This is the second project of self-driving cars engineer nanodegree. In this project we will recognize german traffic signs.
The goals / steps of this project are the following:
- Load the data set (see below for links to the project data set)
- Explore, summarize and visualize the data set
- Design, train and test a model architecture
- Use the model to make predictions on new images
- Analyze the softmax probabilities of the new images
- Summarize the results with a written report
Data Set Summary & Exploration
In this project, we use a german traffic sign dataset from German Dataset.
The code was tested on Google Colaboratory Platform. Check the Colaboratory Notebook.
1. Download the dataset:
import urllib.request
print('Beginning file download...')
url = 'https://s3-us-west-1.amazonaws.com/udacity-selfdrivingcar/traffic-signs-data.zip'
urllib.request.urlretrieve(url, './traffic-signs-data.zip')
2. Then, unzip the files in the root folder:
import zipfile
import os
print('Beginning file unzip')
zip_ref = zipfile.ZipFile('./traffic-signs-data.zip', 'r')
zip_ref.extractall('./')
zip_ref.close()
print('Done')
os.listdir("./")
3. The dataset is a pickled data. So, we use the next code to load the data
# Load pickled data
import pickle
# TODO: Fill this in based on where you saved the training and testing data
training_file = './train.p'
validation_file= './valid.p'
testing_file = './test.p'
with open(training_file, mode='rb') as f:
train = pickle.load(f)
with open(validation_file, mode='rb') as f:
valid = pickle.load(f)
with open(testing_file, mode='rb') as f:
test = pickle.load(f)
X_train, y_train = train['features'], train['labels']

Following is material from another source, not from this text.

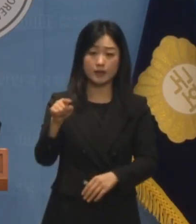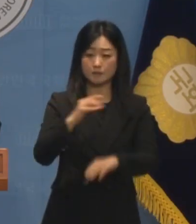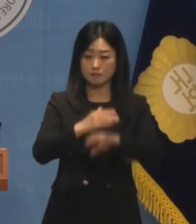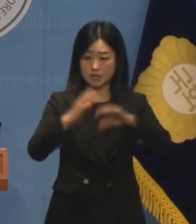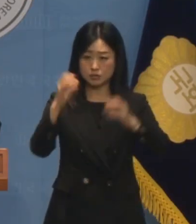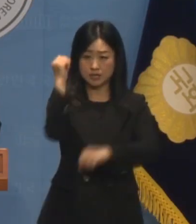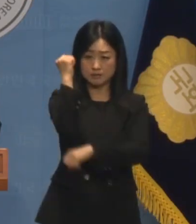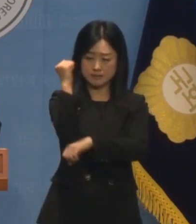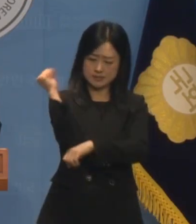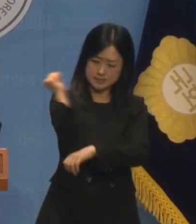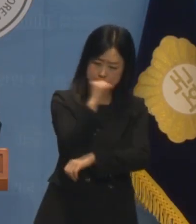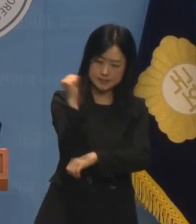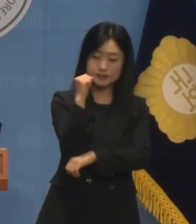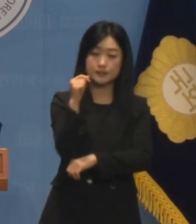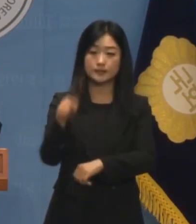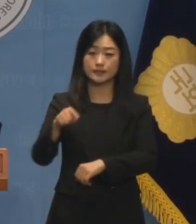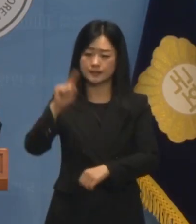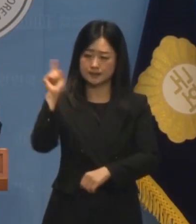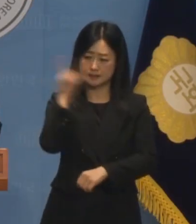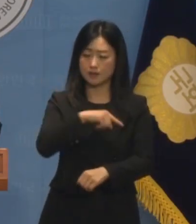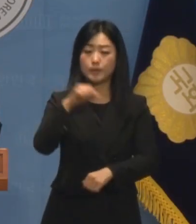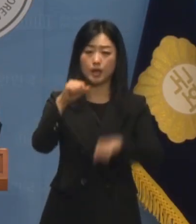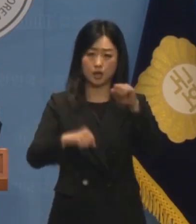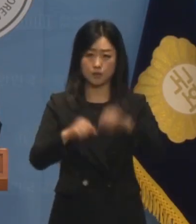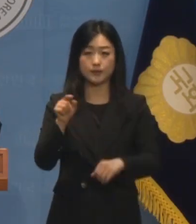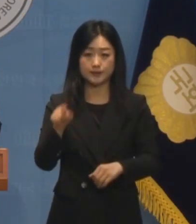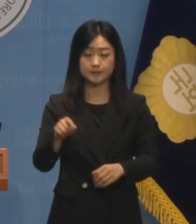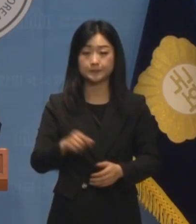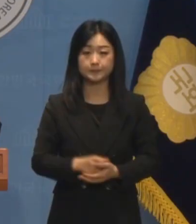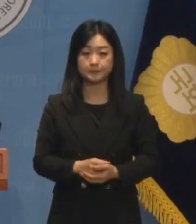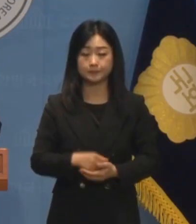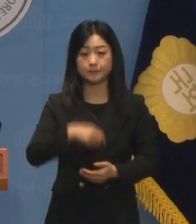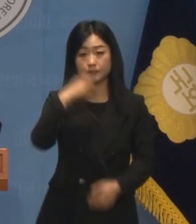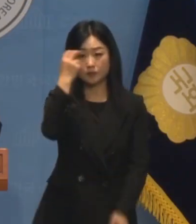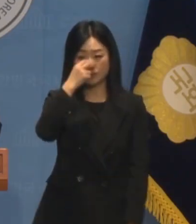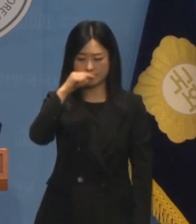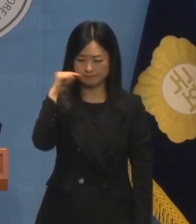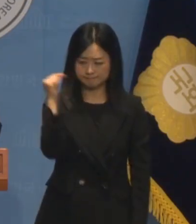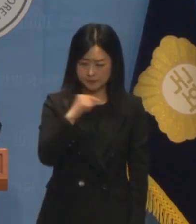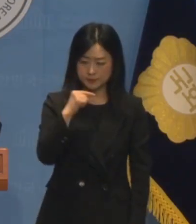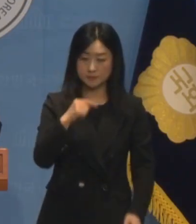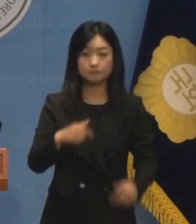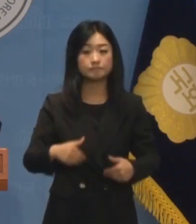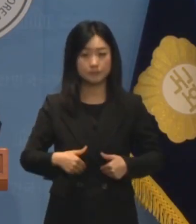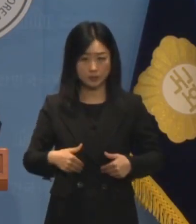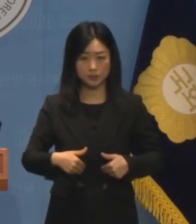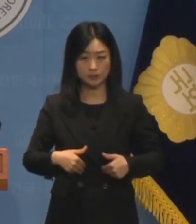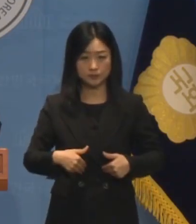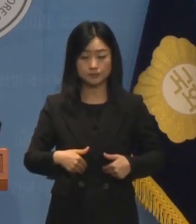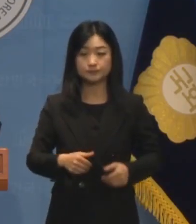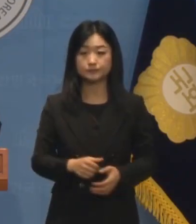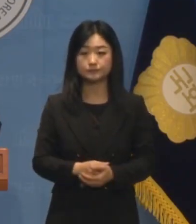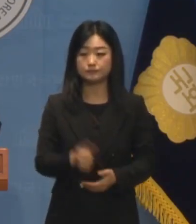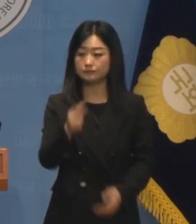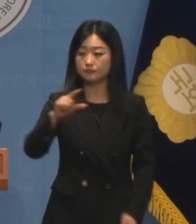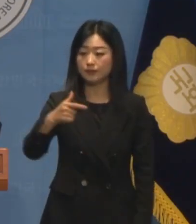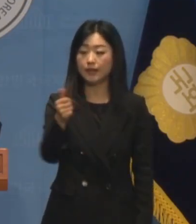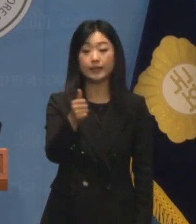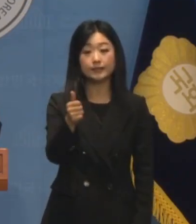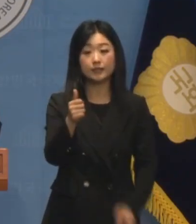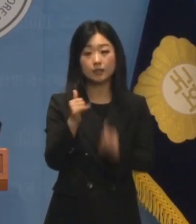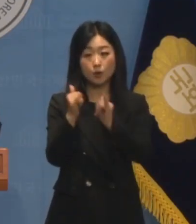근간을 뒤흔드는 행위입니다. 철저한 진상 규명을 위한 한동훈 대표의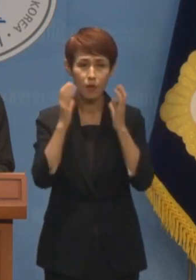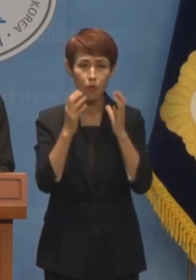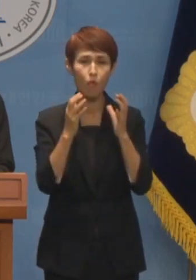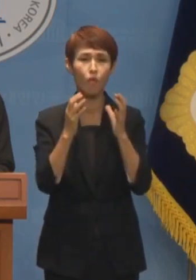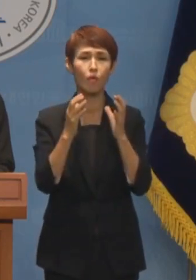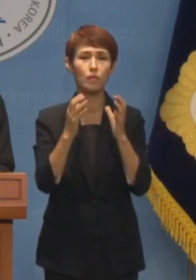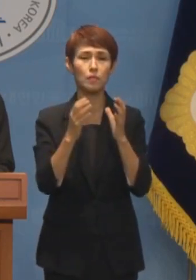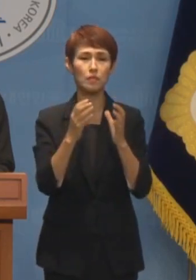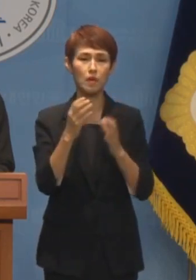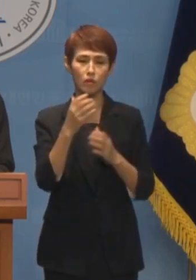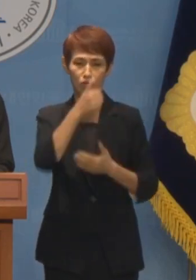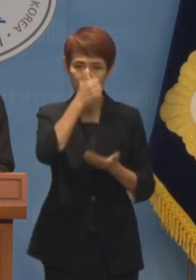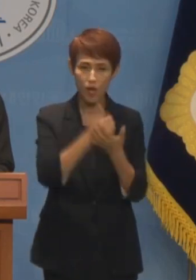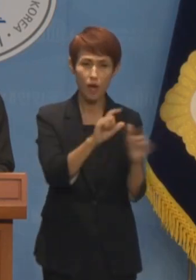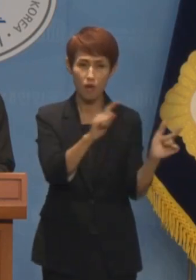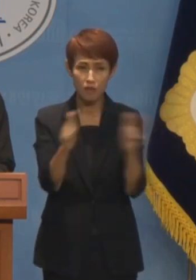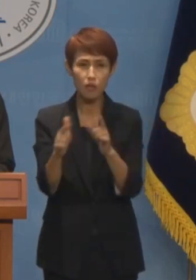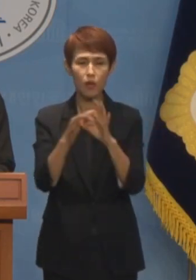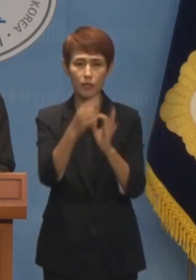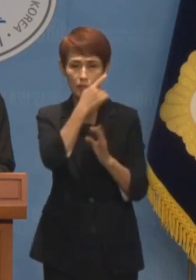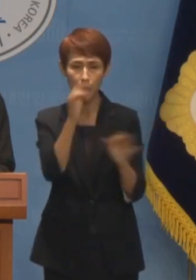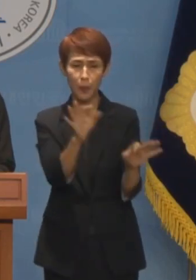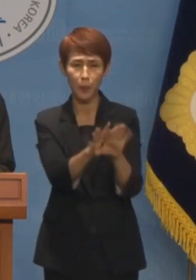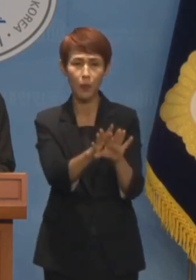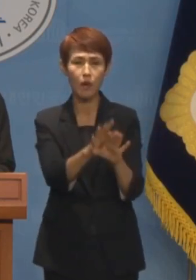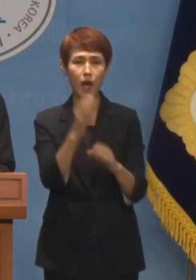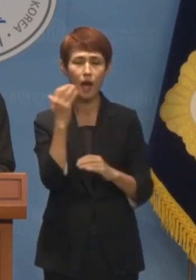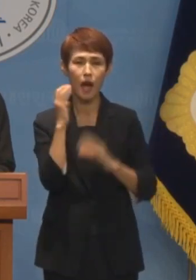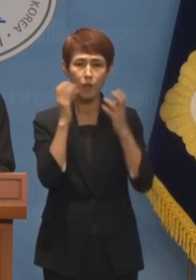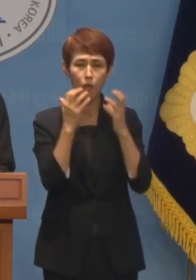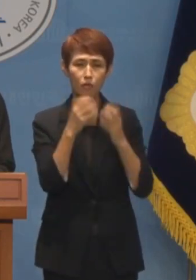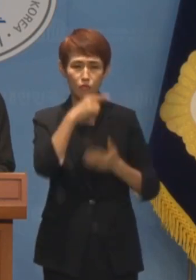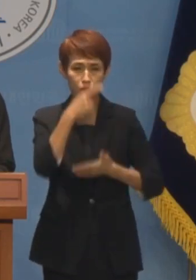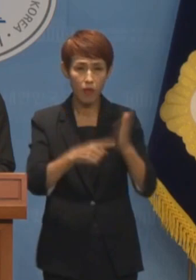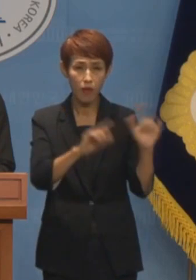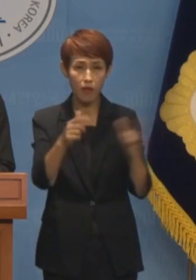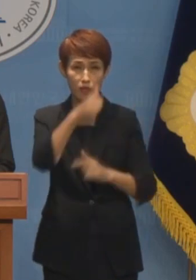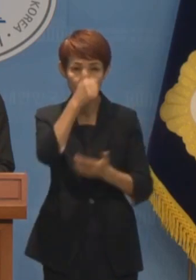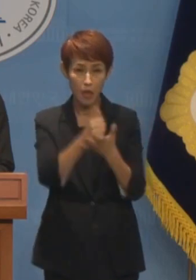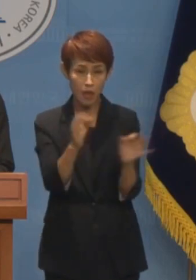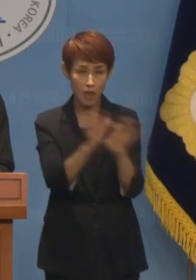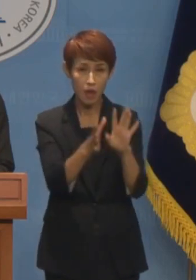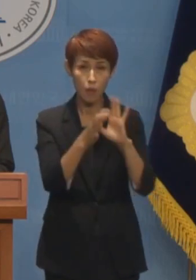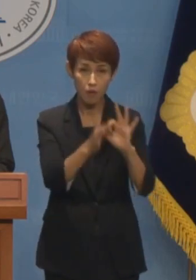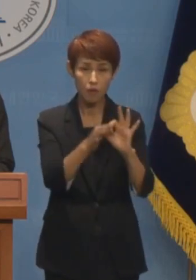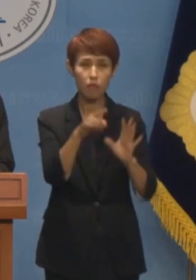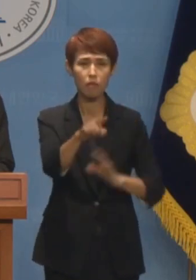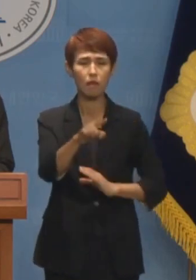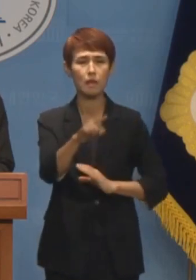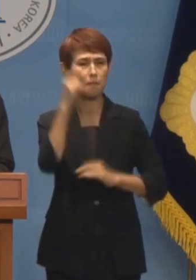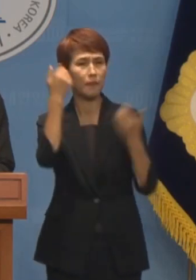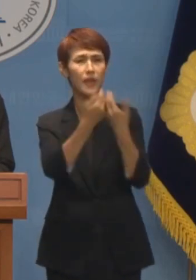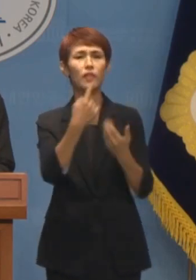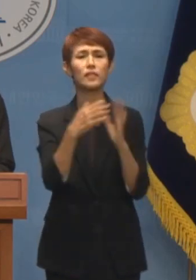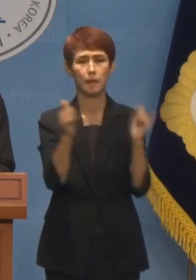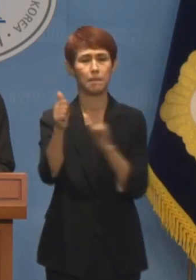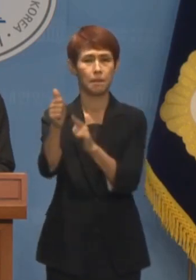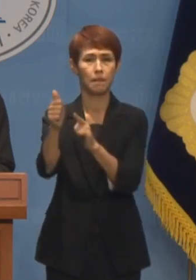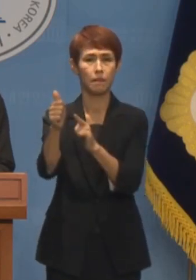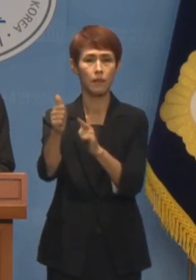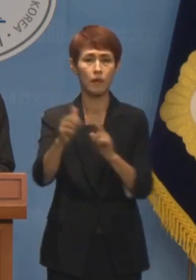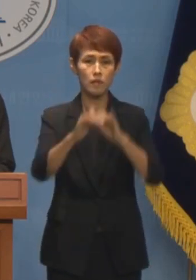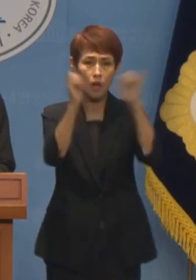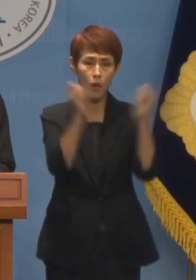반대해왔었습니다. 이것이 과연 후보자를 추천하면서 대통령실이 밝혔던 사회적 약자를 위한

X_valid, y_valid = valid['features'], valid['labels']
X_test, y_test = test['features'], test['labels']
4. I used the pandas library to calculate summary statistics of the traffic signs data set:
import numpy as np
import pandas as pd
### Replace each question mark with the appropriate value.
### Use python, pandas or numpy methods rather than hard coding the results
# TODO: Number of training examples
n_train = X_train.shape[0]
# TODO: Number of validation examples
n_validation = X_valid.shape[0]
# TODO: Number of testing examples.
n_test = X_test.shape[0]
# TODO: What's the shape of an traffic sign image?
image_shape = X_train.shape[1:]
# TODO: How many unique classes/labels there are in the dataset.
n_classes = len(np.unique(y_train))
print("Number of training examples =", n_train)
print("Number of testing examples =", n_test)
print("Number of validation examples =", n_validation)
print("Image data shape =", image_shape)
print("Number of classes =", n_classes)
After run the code I got these statistics:
- Number of training examples = 34799
- Number of testing examples = 12630
- Number of validation examples = 4410
- Image data shape = (32, 32, 3)
- Number of classes = 43
5. In the next to blocks of code, I define two methods show_images(images, cols = 1, titles = None)
to show a group of images and select_random_images_by_classes(features, labels, n_features)
which selects a random image for each class (43 clases) and then I use those methods to see how is structured the dataset visually.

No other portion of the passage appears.